LSU just got ripped apart by the Rebels for 402 rushing yards and four touchdowns in a 58-37 Tiger win. In the game before that, Tua and his guys went off for 418 passing yards and four scores – and yes, even a desperation late bomb counts in the equation.

Florida’s Kyle Trask went off for over 300 yards through the air, and Sam Ehlinger of Texas threw for over 400. But whatever … the offense is enough to overcome anything and anyone in the College Football Playoff, right?

At the moment, LSU is 47th in the nation in total defense.

Last year, Clemson finished fifth in total D.

2017 national champion Alabama finished No. 1 in the nation in total defense. 2016 Clemson finished 8th, 2015 Alabama finished 3rd, and 2014 Ohio State finished 19th.

How about in the final years of the BCS era?
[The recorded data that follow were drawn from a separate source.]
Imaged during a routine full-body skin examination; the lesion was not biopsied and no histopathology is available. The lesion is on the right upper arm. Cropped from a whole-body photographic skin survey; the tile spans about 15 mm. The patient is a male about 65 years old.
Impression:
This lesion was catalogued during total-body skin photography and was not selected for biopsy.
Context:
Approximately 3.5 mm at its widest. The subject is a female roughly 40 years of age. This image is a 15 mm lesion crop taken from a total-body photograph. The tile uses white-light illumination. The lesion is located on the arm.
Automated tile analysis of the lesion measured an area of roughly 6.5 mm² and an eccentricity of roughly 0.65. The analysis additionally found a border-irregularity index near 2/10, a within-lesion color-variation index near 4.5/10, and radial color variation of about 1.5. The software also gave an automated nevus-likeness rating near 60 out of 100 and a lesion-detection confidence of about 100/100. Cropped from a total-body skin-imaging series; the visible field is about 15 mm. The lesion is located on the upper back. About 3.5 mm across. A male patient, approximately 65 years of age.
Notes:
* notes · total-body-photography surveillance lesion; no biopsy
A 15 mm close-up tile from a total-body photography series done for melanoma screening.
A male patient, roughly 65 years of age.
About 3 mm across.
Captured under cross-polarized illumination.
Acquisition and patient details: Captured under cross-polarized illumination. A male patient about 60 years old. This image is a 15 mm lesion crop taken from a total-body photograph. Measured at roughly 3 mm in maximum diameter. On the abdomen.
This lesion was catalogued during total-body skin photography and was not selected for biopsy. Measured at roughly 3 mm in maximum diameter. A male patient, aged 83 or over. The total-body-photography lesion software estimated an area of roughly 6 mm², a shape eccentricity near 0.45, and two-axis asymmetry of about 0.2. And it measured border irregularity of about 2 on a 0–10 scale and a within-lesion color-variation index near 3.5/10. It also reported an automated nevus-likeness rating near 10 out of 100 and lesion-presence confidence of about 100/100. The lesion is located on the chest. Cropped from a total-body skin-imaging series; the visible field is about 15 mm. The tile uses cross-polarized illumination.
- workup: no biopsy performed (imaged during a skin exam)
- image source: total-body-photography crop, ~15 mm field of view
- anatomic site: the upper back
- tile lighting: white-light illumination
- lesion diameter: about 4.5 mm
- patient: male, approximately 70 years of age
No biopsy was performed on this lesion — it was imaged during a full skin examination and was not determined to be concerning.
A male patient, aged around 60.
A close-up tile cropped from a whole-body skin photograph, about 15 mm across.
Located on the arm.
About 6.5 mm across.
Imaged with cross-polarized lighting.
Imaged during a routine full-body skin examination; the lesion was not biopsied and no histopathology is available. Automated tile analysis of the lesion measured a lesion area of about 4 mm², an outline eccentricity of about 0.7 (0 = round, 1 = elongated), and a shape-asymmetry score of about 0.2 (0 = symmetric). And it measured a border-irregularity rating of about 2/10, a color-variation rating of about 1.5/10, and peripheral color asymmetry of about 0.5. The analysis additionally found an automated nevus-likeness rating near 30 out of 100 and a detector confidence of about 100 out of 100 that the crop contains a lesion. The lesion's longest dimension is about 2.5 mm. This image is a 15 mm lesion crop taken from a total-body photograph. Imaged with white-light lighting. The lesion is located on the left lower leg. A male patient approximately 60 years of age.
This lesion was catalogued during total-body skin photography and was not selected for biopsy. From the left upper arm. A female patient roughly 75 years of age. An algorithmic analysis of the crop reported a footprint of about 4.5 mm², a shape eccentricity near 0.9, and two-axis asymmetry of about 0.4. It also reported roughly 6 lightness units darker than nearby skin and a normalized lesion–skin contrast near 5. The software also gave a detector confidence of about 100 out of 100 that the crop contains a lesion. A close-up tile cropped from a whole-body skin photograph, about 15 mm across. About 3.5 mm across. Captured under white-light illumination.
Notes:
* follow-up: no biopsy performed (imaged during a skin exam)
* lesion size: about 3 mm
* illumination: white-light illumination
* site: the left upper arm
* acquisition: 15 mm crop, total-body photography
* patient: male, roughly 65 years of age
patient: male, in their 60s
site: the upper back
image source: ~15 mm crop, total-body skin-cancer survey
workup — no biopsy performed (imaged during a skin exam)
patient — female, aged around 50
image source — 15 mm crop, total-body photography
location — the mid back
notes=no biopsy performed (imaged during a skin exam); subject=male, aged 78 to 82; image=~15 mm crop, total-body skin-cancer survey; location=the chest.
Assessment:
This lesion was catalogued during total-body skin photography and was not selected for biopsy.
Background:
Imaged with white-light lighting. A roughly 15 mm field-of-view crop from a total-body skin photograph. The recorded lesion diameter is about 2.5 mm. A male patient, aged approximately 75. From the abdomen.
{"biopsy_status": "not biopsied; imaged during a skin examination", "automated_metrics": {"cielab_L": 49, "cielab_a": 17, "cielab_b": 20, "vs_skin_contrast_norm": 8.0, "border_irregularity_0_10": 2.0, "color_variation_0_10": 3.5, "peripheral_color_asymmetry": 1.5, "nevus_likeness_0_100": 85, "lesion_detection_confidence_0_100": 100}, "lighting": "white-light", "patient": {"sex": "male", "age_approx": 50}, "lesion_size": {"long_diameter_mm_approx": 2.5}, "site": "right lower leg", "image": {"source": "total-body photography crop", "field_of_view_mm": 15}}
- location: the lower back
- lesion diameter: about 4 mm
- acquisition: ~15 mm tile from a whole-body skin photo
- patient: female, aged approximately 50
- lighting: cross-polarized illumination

2013 Florida State’s D ended up third in the nation. The 2011 and 2012 Alabama defenses both finished No. 1, and 2010 Auburn …

There’s the outlier. The Tigers won the national title with the 60th-best defense in college football.

2009 Alabama? No. 2.

So over the last ten years, nine of the national champions finished in the top 20 in total defense, and eight were in the top ten. What does it all mean?

Ohio State is No. 1 in the nation in total defense right now.

Clemson is No. 2, Utah is No. 3, Georgia is No. 6, and Oregon is No. 14.

NEXT: If everyone got contract extensions after beating Idaho State …

#FreeContractExtensions

Oh for the love of …

Didn’t we JUST go through a firing of Willie Taggart and Chad Morris?

Arkansas is paying Morris around $10 million to go away and take his four wins with him, and Florida State will be holding bake sales for the next hundred-gajillion years to pay off the $20 million it’s going to take to make Taggart and his former staff whole.

And yet, for some moronic reason, schools are STILL offering mediocre head coaches unnecessary contract extensions.

If you lose a recruit because you’re signed through 2022 instead of 2026, you’re a sucky recruiter.

BYU’s Kalani Sitake has been fine.

He’s going to take BYU to its third bowl game in four years. Yippee.

He’s 26-23 in just under four seasons at the helm, and that was enough to earn him a three-year contract extension.

He was 2-4 with a stunning win at Tennessee and a fun home victory over USC, but his team lost to Toledo and USF, and it got rolled by Utah.

However, because his Cougars beat a Boise State team without starting quarterback Hank Bachmeier, and followed it up with wins over Utah State Liberty and Idaho State, he’s being locked in for more years.

Of course, let’s hope it works. There’s something to be said for sticking with a guy and letting him develop the program … IF YOU STICK WITH HIM through the entire deal.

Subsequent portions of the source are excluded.